M. Schwartz a également contesté l’hypothèse selon laquelle la musique « gratuite » diffusée en streaming sur Internet ne pourrait pas supporter un flux de revenus. Via un rapide calcul sur le million d’écoutes qui lui rapporte actuellement 35 $, M. Schwartz a expliqué comment chacune des écoutes est associée à un compte Internet qui (en supposant qu’ils sont uniques) génère plus de 600 millions de dollars uniquement en ce qui concerne les sommes versées aux FAI. 

De surcroît, il faut également prendre en compte les frais d’accès pour les appareils et les téléphones mobiles, les frais d’abonnement mensuel et les coûts de téléchargement, les revenus publicitaires et ceux liés à l’exploration de données, et tout un portefeuille opaque d’autres frais cachés, acomptes, participations, et ainsi de suite. La musique fait partie d’une immense chaîne de valeur générant des milliards de dollars chaque année, et les consommateurs et les créateurs paient aujourd’hui des sommes considérables. 

Néanmoins, M. Schwartz s’est montré prudemment optimiste pour l’avenir, entrevoyant une éclaircie à l’horizon pour les créateurs. Il a souligné trois tendances laissant présager un avenir meilleur pour l’économie numérique. 

Premièrement, l’univers caché de la négociation de contrats entre les entreprises de streaming et les Majors de l’industrie du disque devient progressivement plus transparent, comme en témoignent les récentes révélations concernant l’accord de Sony Records avec Spotify en 2011.

Comment savoir si l’on reçoit 50% si l’on ne peut jamais savoir à quoi correspond 100% ? Ce que nous ne savons pas nous portera préjudice, et la transparence doit et est en train de s’immiscer dans la chaîne de valeur de la musique. Il s’agit d’une première étape cruciale si les créateurs veulent être un jour rémunérés équitablement.  
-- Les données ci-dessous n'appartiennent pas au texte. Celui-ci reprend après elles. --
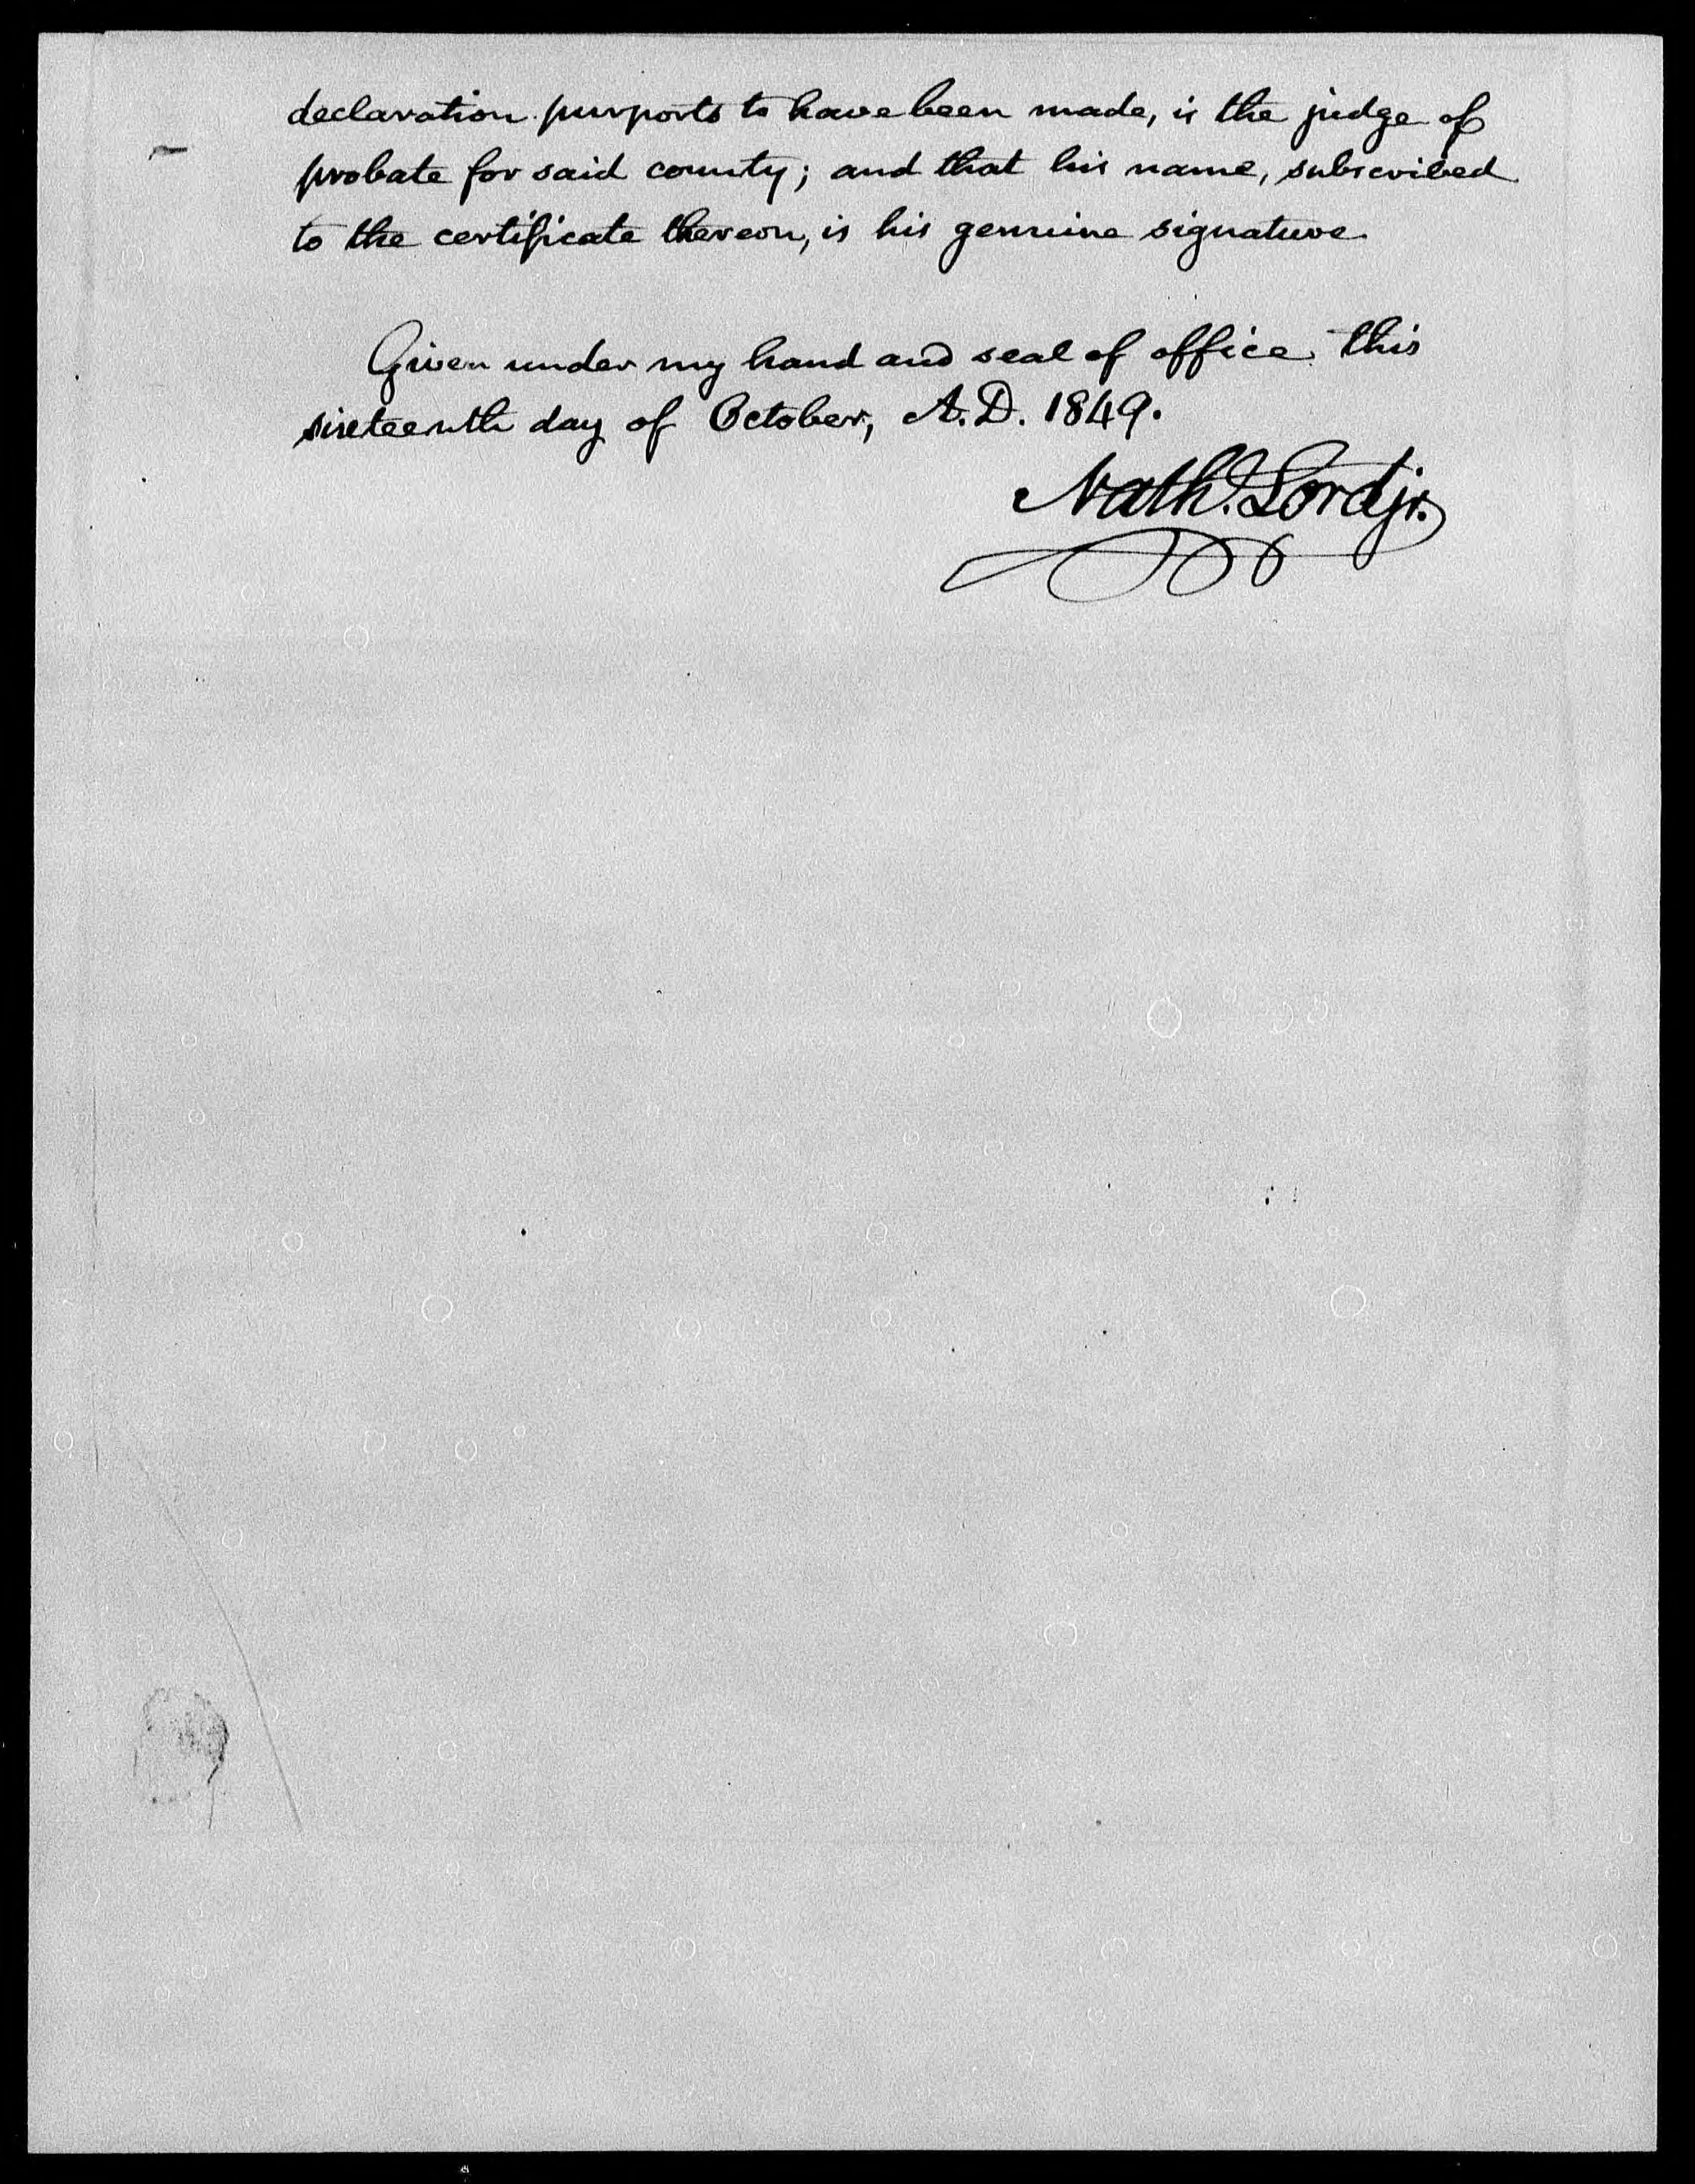declaration purports to have been made, in the judge of probate for said county; and that his name, subscribed to the certificate thereon, is his genuine signature.

Given under my hand and seal of office this sixteenth day of October, A.D. 1849.
Nath. Lord jr.

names: Nathl Lord
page: 5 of 29
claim: widow's
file: W. 1779, for Richard Kimball, Massachusetts

Deuxièmement, la législation sur la sphère de sécurité destinée à protéger ce que l’on appelle les « dumb pipes », réseau qui contrôle le trafic Internet, est progressivement remise en question. Les créateurs appellent à actualiser et à réformer cette législation qui, par nature, protège actuellement les riches et les puissants contre les exclus du numérique.   

Aujourd’hui, cette législation est utilisée avec abus par les grandes entités multinationales car elle leur permet d’amasser des profits considérables tout en fournissant l’accès à nos œuvres créatives pour presque rien.

Enfin, M. Schwartz a également souligné le mouvement populaire en faveur des pratiques éthiques qui est surtout visible parmi les jeunes consommateurs. D’après lui, la nouvelle génération est une génération qui comprend l’importance de l’égalité et de la transparence concernant les produits et les services qu’ils achètent et qui souhaitent faire des choix qui soutiennent leurs convictions.  

Ils se préoccupent de la durabilité et du comportement éthique, qu’il s’agisse de WalMart, de McDonald’s, des travailleurs de l’industrie textile ou, bien sûr, des créateurs de musique dont ils aiment le travail et qu’ils souhaitent soutenir. 

En conclusion, M. Schwartz a remercié la communauté mondiale des créateurs pour son soutien et a fait allusion à la nouvelle initiative non gouvernementale baptisée Fair Trade Music, dont l’objectif est d’établir un écosystème musical équitable, transparent et durable du consommateur au créateur, en passant par tous les acteurs impliqués.